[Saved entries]
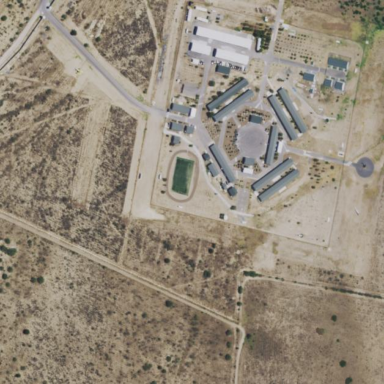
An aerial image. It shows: Prison.
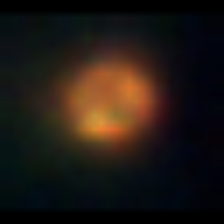
Taxon: NanoPlankton
Group: Other
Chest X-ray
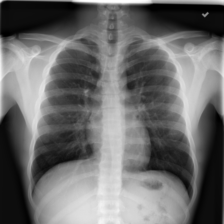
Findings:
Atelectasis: negative
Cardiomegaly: negative
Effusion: negative
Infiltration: negative
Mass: negative
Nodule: negative
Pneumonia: negative
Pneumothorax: negative
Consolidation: negative
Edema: negative
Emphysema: negative
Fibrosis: negative
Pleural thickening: negative
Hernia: negative
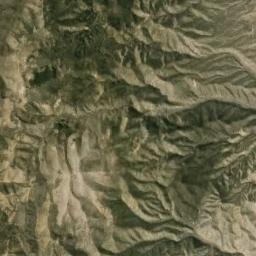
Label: mountain
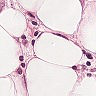
Metastatic tissue present: yes
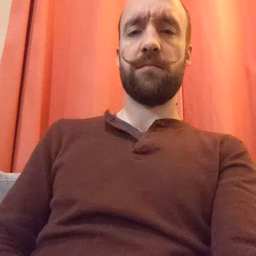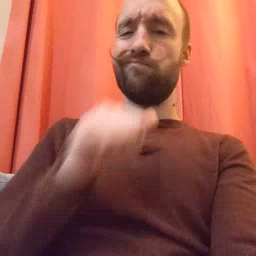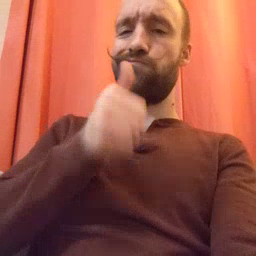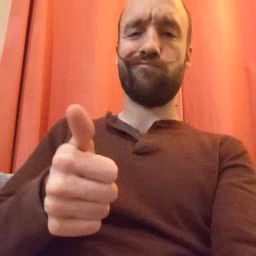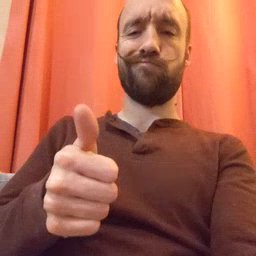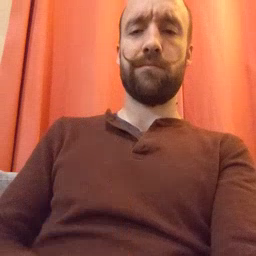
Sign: not
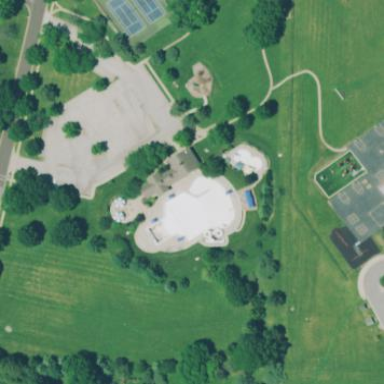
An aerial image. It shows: Sports centre focused on swimming activities.
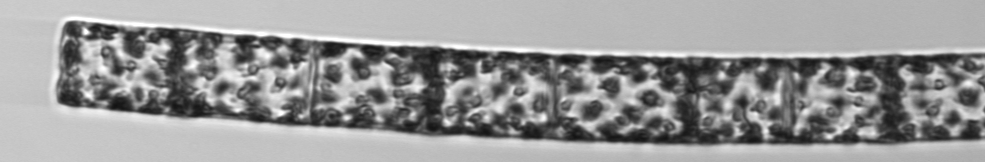
Label: Guinardia_flaccida
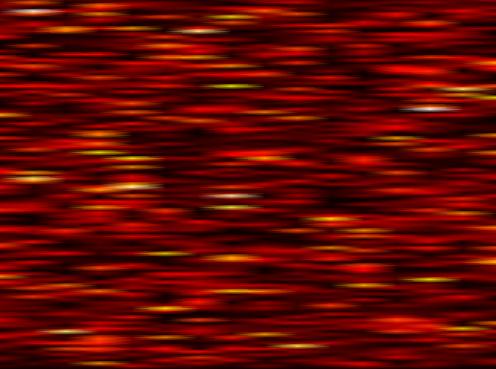
Label: FBMC
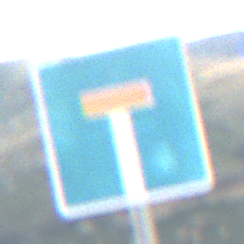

TRY IT:
What is needed is an exact copy of only the lines above from the one with "Chest X-ray" to the one with "Emphysema: negative", both kept, with every picture left out.

OUTPUT:
Chest X-ray
Findings:
Atelectasis: negative
Cardiomegaly: negative
Effusion: negative
Infiltration: negative
Mass: negative
Nodule: negative
Pneumonia: negative
Pneumothorax: negative
Consolidation: negative
Edema: negative
Emphysema: negative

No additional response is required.